[Stored data entries]
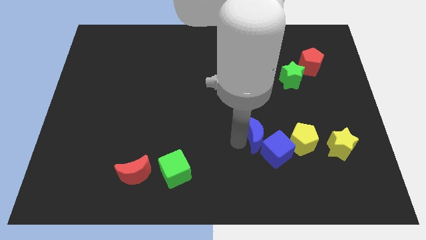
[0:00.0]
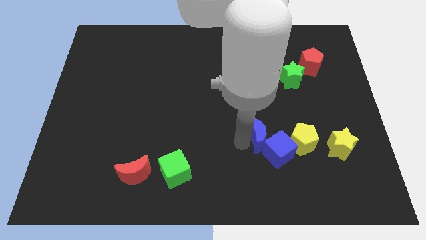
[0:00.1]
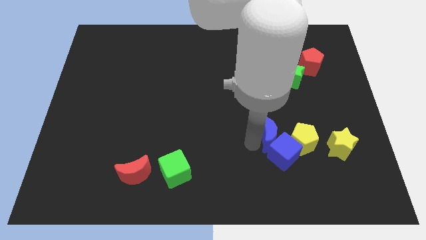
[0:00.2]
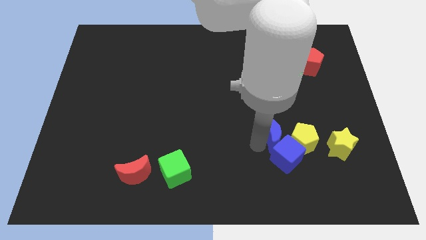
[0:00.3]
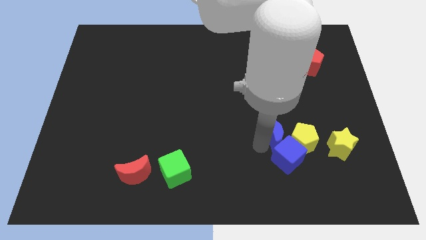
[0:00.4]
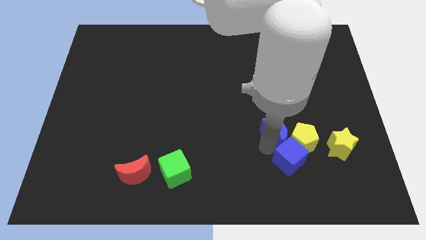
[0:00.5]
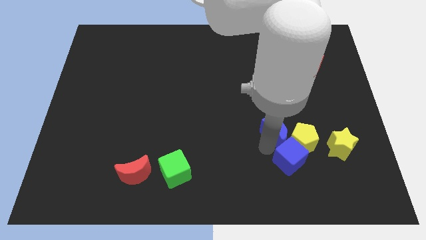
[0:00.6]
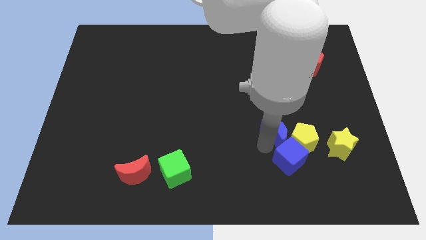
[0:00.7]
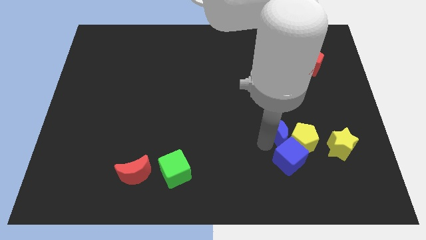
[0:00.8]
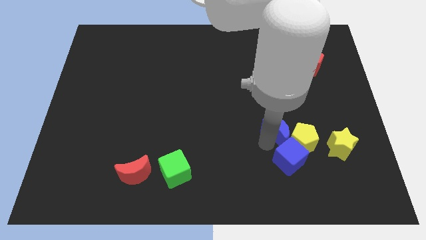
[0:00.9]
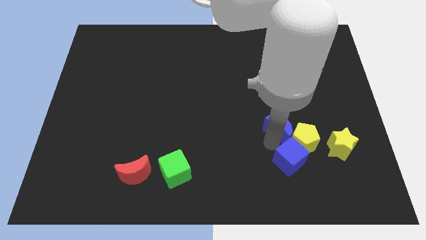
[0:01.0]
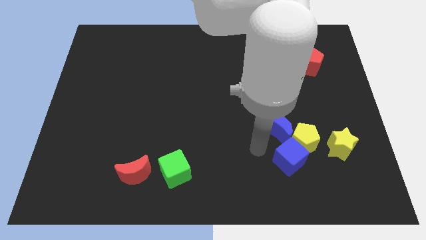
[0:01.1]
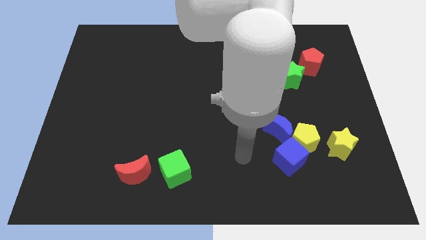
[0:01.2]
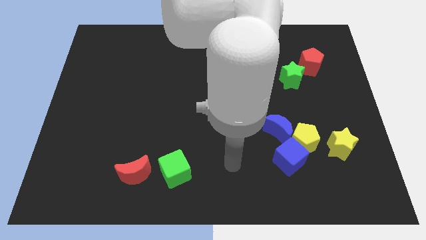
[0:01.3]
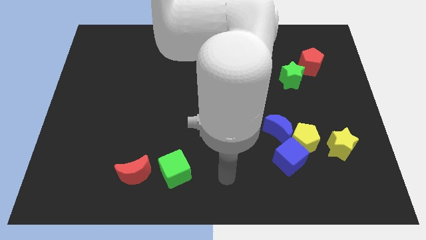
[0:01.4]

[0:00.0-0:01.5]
move the blue crescent above to the yellow pentagon

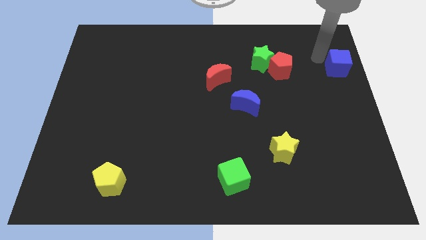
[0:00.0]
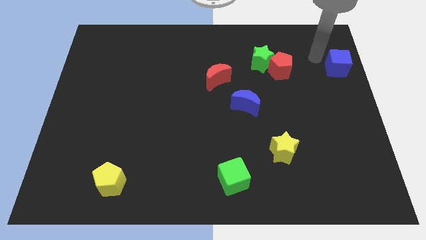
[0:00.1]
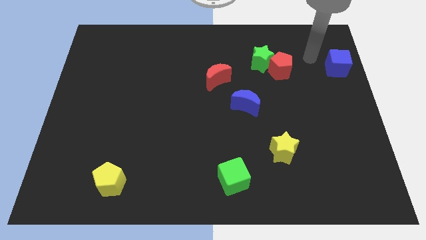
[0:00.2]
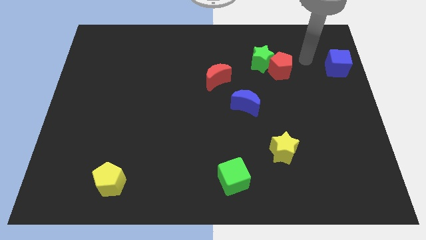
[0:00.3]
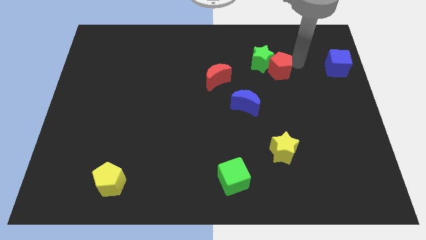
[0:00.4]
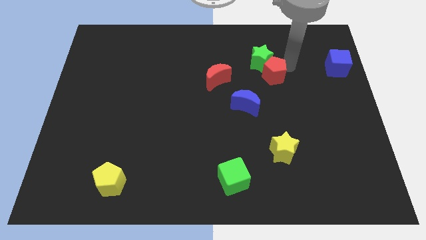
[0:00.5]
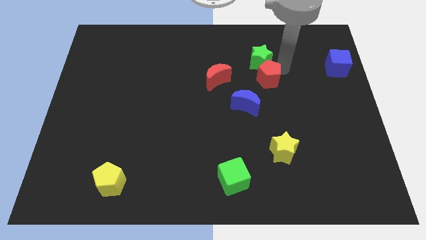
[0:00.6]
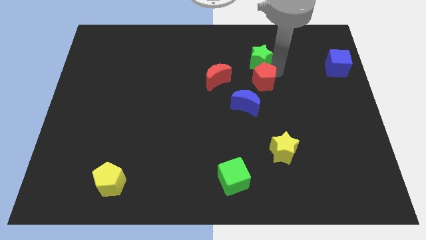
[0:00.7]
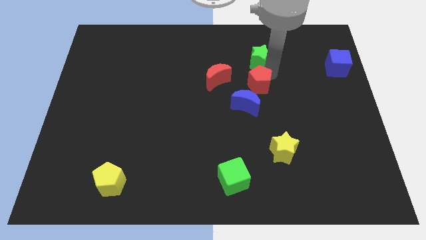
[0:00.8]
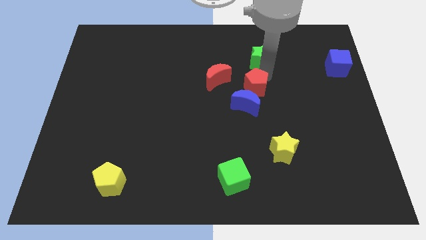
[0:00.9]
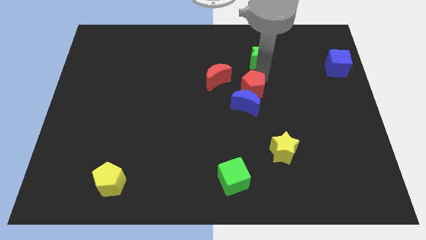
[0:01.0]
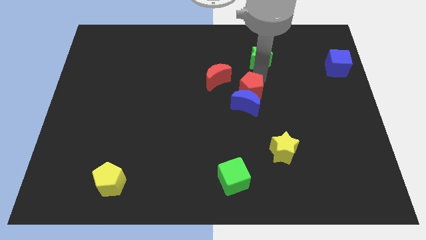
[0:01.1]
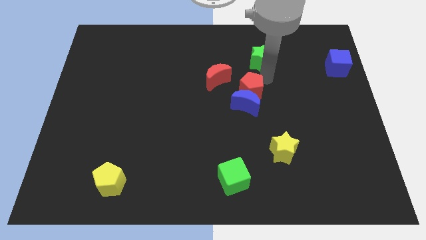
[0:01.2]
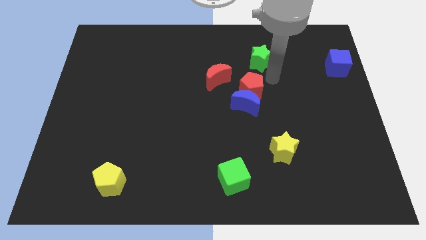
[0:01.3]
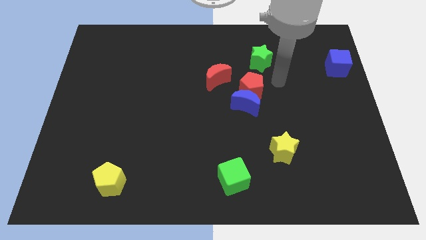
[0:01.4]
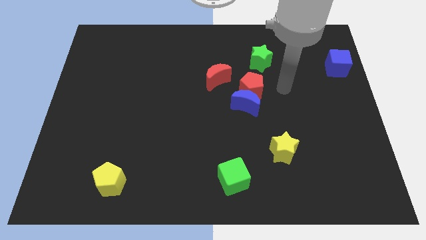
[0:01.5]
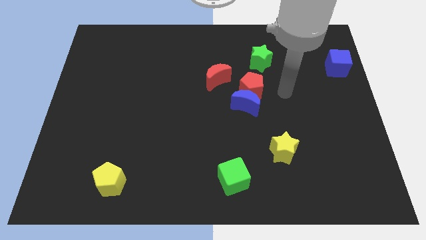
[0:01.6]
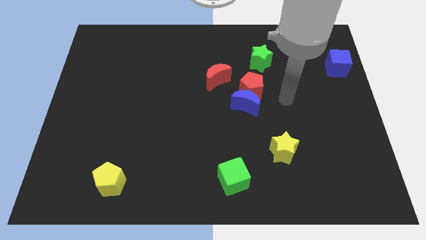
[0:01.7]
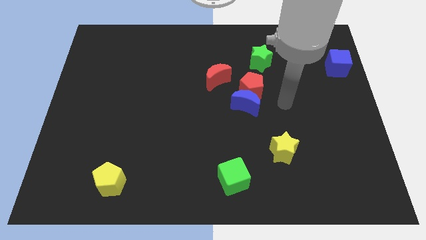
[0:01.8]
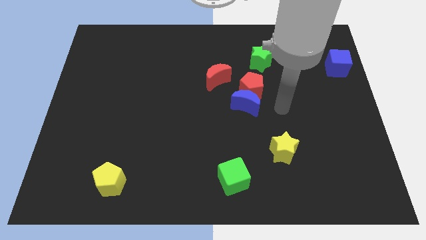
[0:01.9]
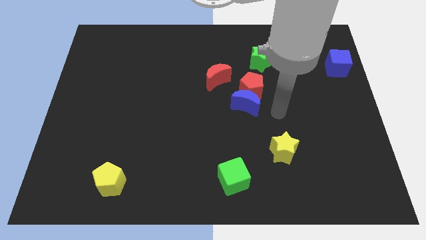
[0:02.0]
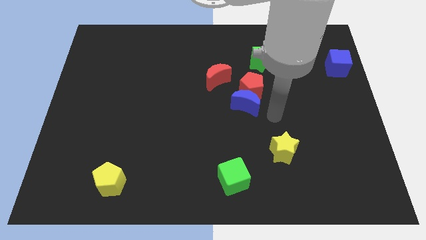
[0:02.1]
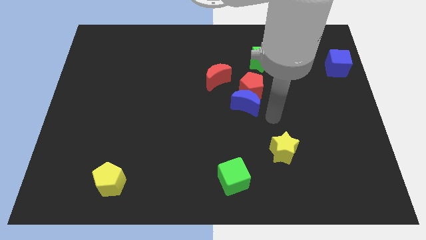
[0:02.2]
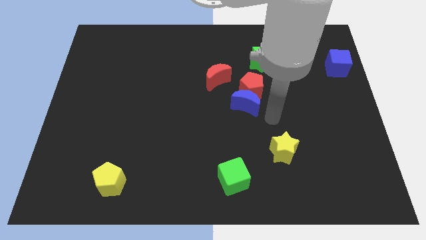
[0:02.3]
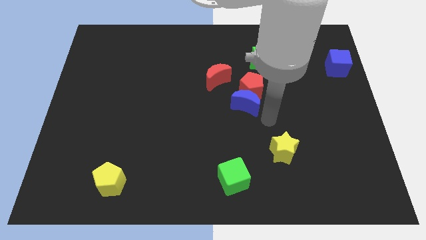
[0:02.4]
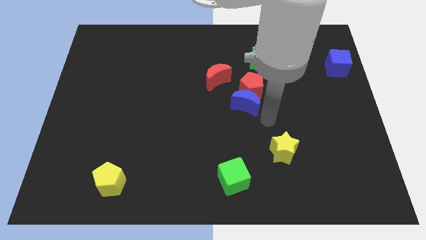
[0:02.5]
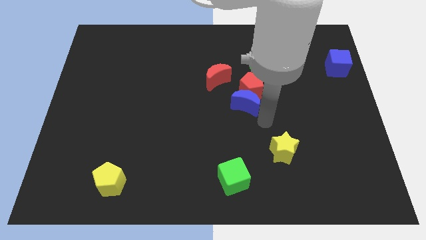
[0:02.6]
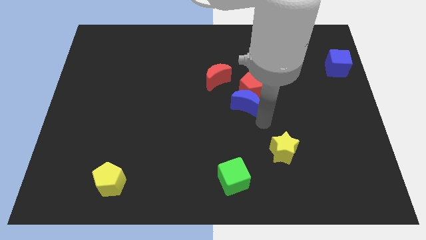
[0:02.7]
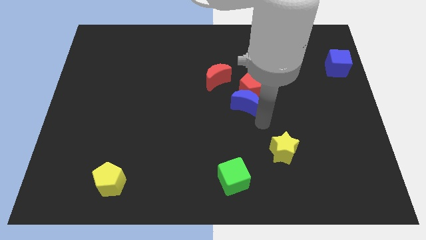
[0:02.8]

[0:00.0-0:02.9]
move the red pentagon above the blue crescent

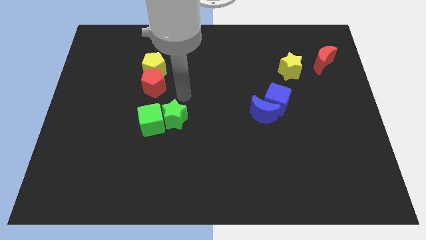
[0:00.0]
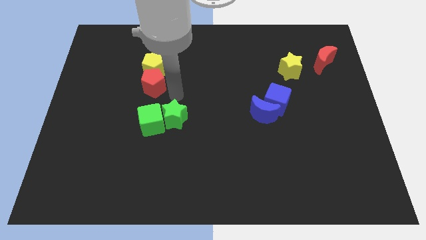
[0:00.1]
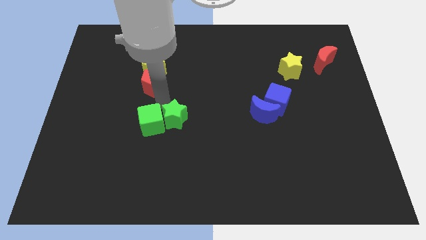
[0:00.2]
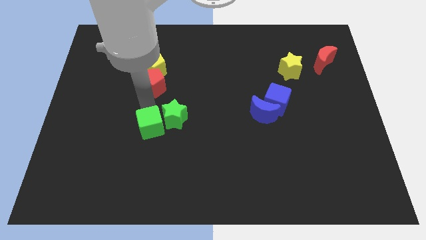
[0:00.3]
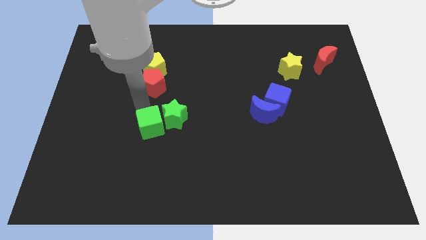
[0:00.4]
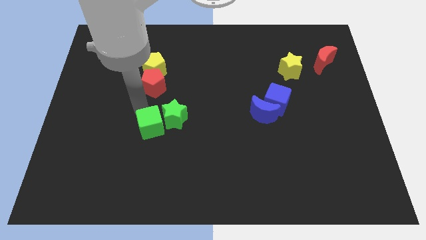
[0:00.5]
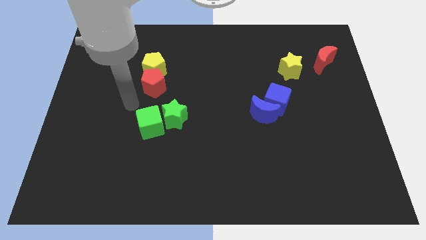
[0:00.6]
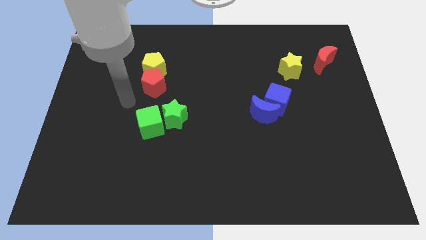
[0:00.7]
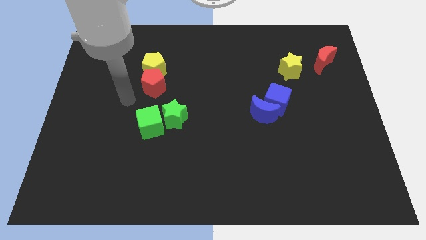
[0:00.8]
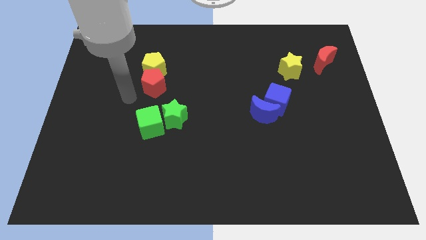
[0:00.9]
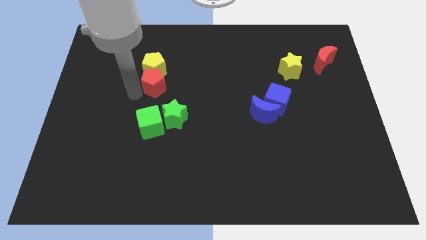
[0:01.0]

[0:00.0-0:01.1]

PROBLEM DESCRIPTION: Write out the data again word for word, minus any images.

RESPONSE:
[0:00.0]
[0:00.1]
[0:00.2]
[0:00.3]
[0:00.4]
[0:00.5]
[0:00.6]
[0:00.7]
[0:00.8]
[0:00.9]
[0:01.0]
[0:01.1]
[0:01.2]
[0:01.3]
[0:01.4]

[0:00.0-0:01.5]
move the blue crescent above to the yellow pentagon

[0:00.0]
[0:00.1]
[0:00.2]
[0:00.3]
[0:00.4]
[0:00.5]
[0:00.6]
[0:00.7]
[0:00.8]
[0:00.9]
[0:01.0]
[0:01.1]
[0:01.2]
[0:01.3]
[0:01.4]
[0:01.5]
[0:01.6]
[0:01.7]
[0:01.8]
[0:01.9]
[0:02.0]
[0:02.1]
[0:02.2]
[0:02.3]
[0:02.4]
[0:02.5]
[0:02.6]
[0:02.7]
[0:02.8]

[0:00.0-0:02.9]
move the red pentagon above the blue crescent

[0:00.0]
[0:00.1]
[0:00.2]
[0:00.3]
[0:00.4]
[0:00.5]
[0:00.6]
[0:00.7]
[0:00.8]
[0:00.9]
[0:01.0]

[0:00.0-0:01.1]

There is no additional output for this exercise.